Por lo general, en cada familia de avispones solo hay una reina. Toda la vida rápida pero precisamente organizada del nido gira en torno a ella. Solo en algunas especies (y aun así, raramente) puede observarse poliginia (del inglés 'poly' – muchas, 'queen' – reina), un fenómeno en el que varias hembras ponen huevos en el nido a la vez.
En la gran mayoría de los casos, los individuos obreros de los avispones no son capaces de reproducirse; sin embargo, en algunas especies, bajo la influencia de las condiciones ambientales, pueden ocurrir ciertos cambios hormonales. Como resultado de estas alteraciones, hembras aisladas obtienen la capacidad de poner huevos no fertilizados, de los cuales nacerán individuos obreros similares a ellas. Cabe señalar que, a pesar de su sexo y capacidad de reproducción, esa hembra de avispón no puede denominarse reina.
Apariencia, características y fotos de la reina de los avispones
La reina del avispón es el individuo más grande de la colonia. Por ejemplo, la hembra principal del avispón europeo alcanza los 3 cm de largo, mientras que las dimensiones de una obrera son mucho más modestas: solo 2 cm. Sin embargo, estas cifras no son el límite: en los avispones tropicales, la reina puede alcanzar los 5,5 cm de largo.
En la foto se muestra a la reina del avispón en el nido:

Pero, a pesar de su tamaño considerable, es fácil confundir a la reina con una obrera común: esto es probable si la hembra principal está sola, alejada del nido y no hay con quién compararla cuando se alimenta o recoge material de construcción.
Por lo general, la reina de los avispones vuela a principios de la primavera, cuando tiene que recolectar comida para su progenie, o bien al final del otoño, después del enjambrazón nupcial.
Entre las flores, los árboles o si entra accidentalmente en una vivienda, la reina del avispón parece una avispa grande común. En la foto inferior se aprecia claramente que tiene la típica cintura de avispa, las características bandas negras en el abdomen con base marrón y una mancha marrón en forma de herradura en el dorso:

Por lo tanto, en la gran mayoría de los casos, la reina del avispón tiene la misma coloración que todos los demás habitantes del nido. Es por ello que, incluso con su gran tamaño, en una gran aglomeración de obreras no será fácil encontrar a su reina.
En la foto se muestra a la reina de los avispones en el centro de la colonia:


Dato interesante
En la combinación de colores contrastantes de su coloración se basa un principio original de camuflaje visual de los insectos. Cuando un depredador quiere atrapar a un individuo de un grupo grande, el movimiento caótico de cientos de cuerpos rayados crea un oleaje desordenado ante sus ojos, en el que es difícil distinguir a una presa concreta. Un excelente ejemplo de este principio son las cebras, que por eso tienen su característico pelaje rayado. En cuanto a los avispones, su coloración les llegó de sus pacíficos ancestros, las abejas, que se veían obligadas a defenderse de los depredadores por todos los medios.
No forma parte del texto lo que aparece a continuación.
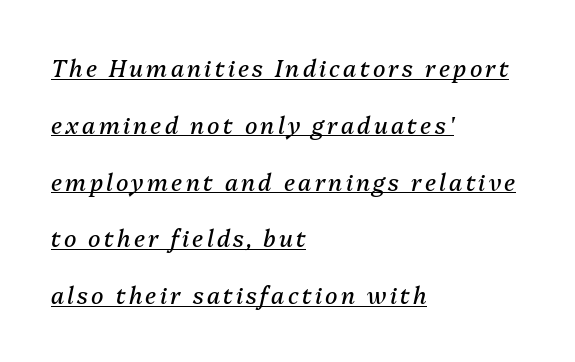
{"italic": "yes", "lean": "right", "slant_degrees": 13, "bold": "no", "underline": "yes", "align": "left", "line_spacing": "loose", "line_spacing_ratio": 2.47, "glyph_px": 23}

Cabe señalar que la reina del avispón no solo se parece a los miembros de su familia por el color, sino que también es igual de "venenosa" y pica con la misma fuerza que un ejemplar obrero.
Inicio de la vida de la reina
La futura fundadora de una nueva familia de avispones nace a finales de agosto o principios de septiembre. Un mes antes, su madre, la vieja reina, comienza a poner huevos fertilizados de los que nacen hembras capaces de reproducirse. Al mismo tiempo, la vieja reina de los avispones pone huevos no fertilizados de los que nacen machos.
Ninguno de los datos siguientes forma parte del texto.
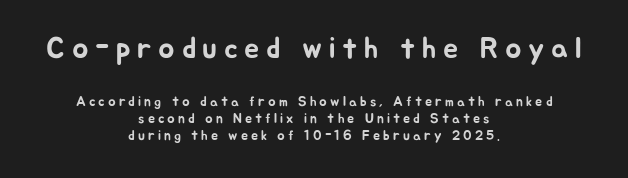
The image shows 30 px sans-serif type, upright; set centered, line spacing 1.21x, unusually wide letter spacing (+0.22 em), not underlined; the first (top) block is 2.14x larger; low stroke contrast and a medium x-height.

En el momento del período de apareamiento, la familia de avispones ya es muy grande: el número de obreras alcanza varias decenas, o incluso cientos. Y el nido mismo en esta etapa crece hasta alcanzar un tamaño impresionante. Así, por ejemplo, la morada del avispón común puede alcanzar una longitud de 70-80 cm y pesar hasta 10 kg.

Todas las larvas (incluidas las reinas jóvenes) se alimentan exclusivamente de alimentos cárnicos: otros insectos. Sin embargo, incluso después de salir de las pupas, los ejemplares obreros pueden seguir alimentando a las futuras fundadoras de la colonia durante algún tiempo.

En el momento en que aparecen las hembras capaces de reproducirse, la vieja reina ya ha agotado su potencial y prácticamente deja de poner huevos. Por lo tanto, no es raro que los avispones obreros la expulsen del nido o incluso la maten.
En la foto, la vieja reina de los avispones:

Cuando hay demasiadas hembras y machos jóvenes en el nido, estos abandonan el hogar materno, enjambran y se aparean. Los machos mueren a los pocos días, mientras que las hembras pueden seguir cazando o buscando frutas dulces para alimentarse durante un tiempo. Sin embargo, al acercarse el frío, encuentran refugios adecuados para invernar: bajo piedras, en grietas de la corteza, huecos de árboles, así como en nidos donde ya han muerto todas las obreras.
Dato interesante
Si una hembra elige un nido ya habitado como refugio para invernar, es muy probable que no sobreviva hasta el final del invierno. Generalmente, en los nidos viejos viven avispas obreras antes de que llegue el frío, las cuales no permiten el regreso de las jóvenes que ya han volado. Pero existe otra razón para la baja supervivencia: a veces, las obreras del nido mueren debido a infecciones por ácaros y bacterias, que tampoco perdonan a las jóvenes hembras que se esconden allí.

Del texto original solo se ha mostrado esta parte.